Cited answers. Sourced. Updated as standards and case law change.

  • Does WCAG 2.2 apply to education websites?

    WCAG 2.2 (pronounced 'wuh-cag 2.2') is the World Wide Web Consortium's globally adopted standard for web accessibility, published October 2023, defining 87 testable success criteria organised under four principles: Perceivable, Operable, Understandable, Robust.

  • What are the most common WCAG 2.2 failures in education and edtech?

    Inaccessible PDF readings and lecture slides Live lectures without real-time captions Proctoring software incompatible with assistive tech

  • What conformance level should a education site target?

    WCAG 2.2 Level AA is the consensus target for legal compliance and the level referenced by virtually every national accessibility law.

  • Does the DOJ April 2024 Title II rule apply to public universities?

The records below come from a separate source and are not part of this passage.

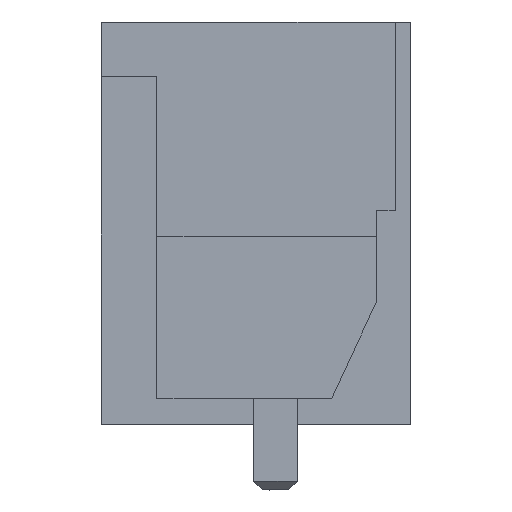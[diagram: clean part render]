
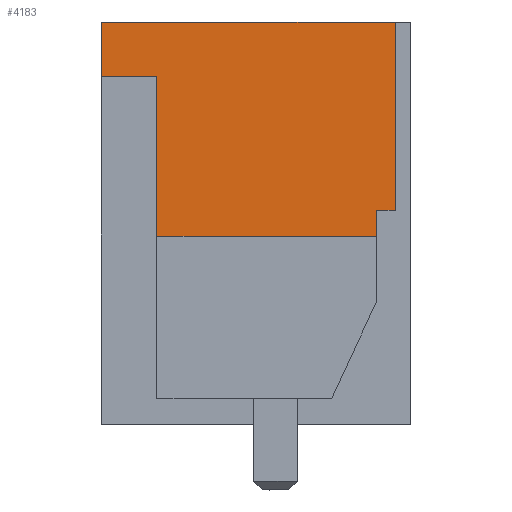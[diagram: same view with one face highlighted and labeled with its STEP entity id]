
A CAD part, left-side view. The second image highlights one B-rep face of the part: STEP entity #4183.
In plain terms, the highlighted planar face has unit normal (-1, 0, 0).
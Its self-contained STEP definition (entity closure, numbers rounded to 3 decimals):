
#4131=AXIS2_PLACEMENT_3D('Plane Axis2P3D',#4128,#4129,#4130) ;
#1167=CARTESIAN_POINT('Vertex',(0.,7.07,12.4)) ;
#1170=CARTESIAN_POINT('Line Origine',(0.,3.71,12.4)) ;
#1174=CARTESIAN_POINT('Vertex',(0.,0.35,12.4)) ;
#4042=CARTESIAN_POINT('Vertex',(0.,7.07,11.15)) ;
#4045=CARTESIAN_POINT('Line Origine',(0.,7.07,11.775)) ;
#4128=CARTESIAN_POINT('Axis2P3D Location',(0.,0.,0.)) ;
#4133=CARTESIAN_POINT('Line Origine',(0.,0.78,7.8)) ;
#4137=CARTESIAN_POINT('Vertex',(0.,0.78,7.5)) ;
#4139=CARTESIAN_POINT('Vertex',(0.,0.78,8.1)) ;
#4142=CARTESIAN_POINT('Line Origine',(0.,0.565,8.1)) ;
#4146=CARTESIAN_POINT('Vertex',(0.,0.35,8.1)) ;
#4149=CARTESIAN_POINT('Line Origine',(0.,0.35,10.25)) ;
#4154=CARTESIAN_POINT('Line Origine',(0.,6.435,11.15)) ;
#4158=CARTESIAN_POINT('Vertex',(0.,5.8,11.15)) ;
#4161=CARTESIAN_POINT('Line Origine',(0.,5.8,9.325)) ;
#4165=CARTESIAN_POINT('Vertex',(0.,5.8,7.5)) ;
#4168=CARTESIAN_POINT('Line Origine',(0.,3.29,7.5)) ;
#1171=DIRECTION('Vector Direction',(0.,-1.,0.)) ;
#4046=DIRECTION('Vector Direction',(0.,0.,1.)) ;
#4129=DIRECTION('Axis2P3D Direction',(-1.,0.,0.)) ;
#4130=DIRECTION('Axis2P3D XDirection',(0.,0.,1.)) ;
#4134=DIRECTION('Vector Direction',(0.,0.,-1.)) ;
#4143=DIRECTION('Vector Direction',(0.,1.,0.)) ;
#4150=DIRECTION('Vector Direction',(0.,0.,-1.)) ;
#4155=DIRECTION('Vector Direction',(0.,1.,0.)) ;
#4162=DIRECTION('Vector Direction',(0.,0.,1.)) ;
#4169=DIRECTION('Vector Direction',(0.,-1.,0.)) ;
#1172=VECTOR('Line Direction',#1171,1.) ;
#4047=VECTOR('Line Direction',#4046,1.) ;
#4135=VECTOR('Line Direction',#4134,1.) ;
#4144=VECTOR('Line Direction',#4143,1.) ;
#4151=VECTOR('Line Direction',#4150,1.) ;
#4156=VECTOR('Line Direction',#4155,1.) ;
#4163=VECTOR('Line Direction',#4162,1.) ;
#4170=VECTOR('Line Direction',#4169,1.) ;
#4174=ORIENTED_EDGE('',*,*,#4141,.T.) ;
#4175=ORIENTED_EDGE('',*,*,#4148,.T.) ;
#4176=ORIENTED_EDGE('',*,*,#4153,.T.) ;
#4177=ORIENTED_EDGE('',*,*,#1176,.T.) ;
#4178=ORIENTED_EDGE('',*,*,#4049,.T.) ;
#4179=ORIENTED_EDGE('',*,*,#4160,.T.) ;
#4180=ORIENTED_EDGE('',*,*,#4167,.T.) ;
#4181=ORIENTED_EDGE('',*,*,#4172,.T.) ;
#4183=ADVANCED_FACE('HOUSING',(#4182),#4132,.T.) ;
#1176=EDGE_CURVE('',#1175,#1168,#1173,.F.) ;
#4049=EDGE_CURVE('',#1168,#4043,#4048,.F.) ;
#4141=EDGE_CURVE('',#4138,#4140,#4136,.F.) ;
#4148=EDGE_CURVE('',#4140,#4147,#4145,.F.) ;
#4153=EDGE_CURVE('',#4147,#1175,#4152,.F.) ;
#4160=EDGE_CURVE('',#4043,#4159,#4157,.F.) ;
#4167=EDGE_CURVE('',#4159,#4166,#4164,.F.) ;
#4172=EDGE_CURVE('',#4166,#4138,#4171,.T.) ;
#4173=EDGE_LOOP('',(#4174,#4175,#4176,#4177,#4178,#4179,#4180,#4181)) ;
#4182=FACE_OUTER_BOUND('',#4173,.T.) ;
#1173=LINE('Line',#1170,#1172) ;
#4048=LINE('Line',#4045,#4047) ;
#4136=LINE('Line',#4133,#4135) ;
#4145=LINE('Line',#4142,#4144) ;
#4152=LINE('Line',#4149,#4151) ;
#4157=LINE('Line',#4154,#4156) ;
#4164=LINE('Line',#4161,#4163) ;
#4171=LINE('Line',#4168,#4170) ;
#4132=PLANE('',#4131) ;
#1168=VERTEX_POINT('',#1167) ;
#1175=VERTEX_POINT('',#1174) ;
#4043=VERTEX_POINT('',#4042) ;
#4138=VERTEX_POINT('',#4137) ;
#4140=VERTEX_POINT('',#4139) ;
#4147=VERTEX_POINT('',#4146) ;
#4159=VERTEX_POINT('',#4158) ;
#4166=VERTEX_POINT('',#4165) ;

    Yes. Public universities and community colleges are state or local government entities under Title II of the ADA. The April 2024 final rule requires WCAG 2.1 AA conformance, with compliance dates of April 2026 (large entities, >50K residents) or April 2027 (smaller).

  • Do private universities have the same accessibility obligations?

    Private universities are typically covered by ADA Title III (public accommodations) and Section 504 if they receive federal financial assistance — which nearly all do. The functional standard is the same: WCAG 2.1/2.2 AA conformance.

  • Are lecture captions required?

    Live audio captioning is required under WCAG 1.2.4 and reinforced by Section 504 and Title II. Auto-generated captions alone often fail to meet accuracy thresholds; institutions are increasingly investing in human-corrected or hybrid captioning.